Hey NACE, sine I knew that but you knew how to explain it  what do you suggest for making Aura dry less fast?? There extender doesn't seem to do that very well, or do you need to add a ton of it?? For trim it can be a hassle for it to dry quickly.. 

Sometimes quick isn't better


----------



## stansoph (Dec 16, 2007)

I added 8 ounces of the 518 extender and I don't think it helped very much; I might try 13 ounces and see if that helps any. There has to be a magic formula. I have to get another gallon since this one is effed up from the glycol

6.5oz is 5%
13 oz is 10%
20 oz is 15%

Half of the bottle (16 oz) is around 13-14%. I will try half the bottle and see what happens.


----------



## Last Craftsman (Dec 5, 2008)

MAK-Deco said:


> The reason that floetrol or XIM additives worked is because you basically added gylcol to the paint which is the very ingredient that BM eliminated by coming up with Aura and Aura tints. The BM extender is suppose to be resin based and not add the glycol to the paint. You essentially have probably added some voc back into the product. Glad you got it to work. I have yet to use it on trim as I knew I would run into the same issues you had.


 
How bad are Glycols as far as VOCs are concerned? What effects can they cause? Does just breathing them while flashing effect you? Or would you have to breath in spray mist to be effected?

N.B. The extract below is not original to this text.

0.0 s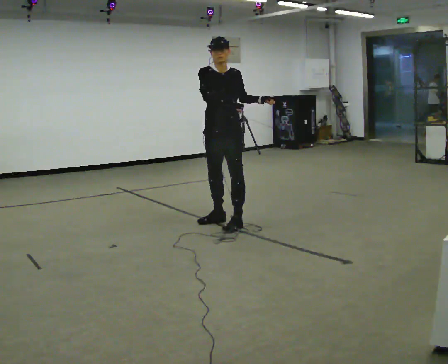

I thought propylne glycol was pretty safe, is the incorrect?


----------



## Last Craftsman (Dec 5, 2008)

NACE said:


> You are correct, Floetrol is a glycol based additive like XIM. This is the primary ingrediant taken out of Aura in order to minimize and in most cases eliminate, flashing, sheen variation, surfactant leach, VOC and touch up issues. Glycols are in UTC based colorants for all manufacturers and are the primary reason that these issues occur. Glycols also had softness to the film, which compromises washability and curing of the film. Aura contains a patented hybrid acrylic that needs the colorant to activate the Color Lock Technology, and provide the leveling characteristics, and flim tighness. Since the film is much tighter due to the pigment particles being much closer together, you get much better adhesion, a huge spread rate, great hide, fast dry and self priming. Glycols interfere with the chemistry of intended wet and dry film. The 508 Extender is resin based and is essentially the proprietary hybrid resin that is exclusive to Aura. You are adding quality to the product, rather than detracting quality when you had glycol based additives.

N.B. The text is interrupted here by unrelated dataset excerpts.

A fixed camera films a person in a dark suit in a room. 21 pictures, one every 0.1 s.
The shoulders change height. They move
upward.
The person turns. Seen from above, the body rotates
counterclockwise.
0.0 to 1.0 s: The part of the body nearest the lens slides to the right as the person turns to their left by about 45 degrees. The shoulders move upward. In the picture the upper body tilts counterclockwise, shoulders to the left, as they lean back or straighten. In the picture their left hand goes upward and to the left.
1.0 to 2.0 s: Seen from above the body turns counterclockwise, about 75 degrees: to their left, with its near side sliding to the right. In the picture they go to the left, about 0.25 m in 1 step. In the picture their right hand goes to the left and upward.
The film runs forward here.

Now, does Glycol based extenders only reduce durability when used with AURA, or also with other paints?


I thought Glycol didn't reduce strength the way water would because it retards the dry time and allows the molecules to link and enamelaize.

My understanding about Glycol as an additive is that the film is just as strong, but it will result in a thinner film, so one coat of a thinner film wouldnt be as strong as one coat of a thicker film.

But that pound for pound the film was as strong as if it hadnt have been reduced with the glycol.

Is this incorrect?


----------



## MAK-Deco (Apr 17, 2007)

Last Craftsman said:


> Now, does Glycol based extenders only reduce durability when used with AURA, or also with other paints?
> 
> 
> I thought Glycol didn't reduce strength the way water would because it retards the dry time and allows the molecules to link and enamelaize.
> ...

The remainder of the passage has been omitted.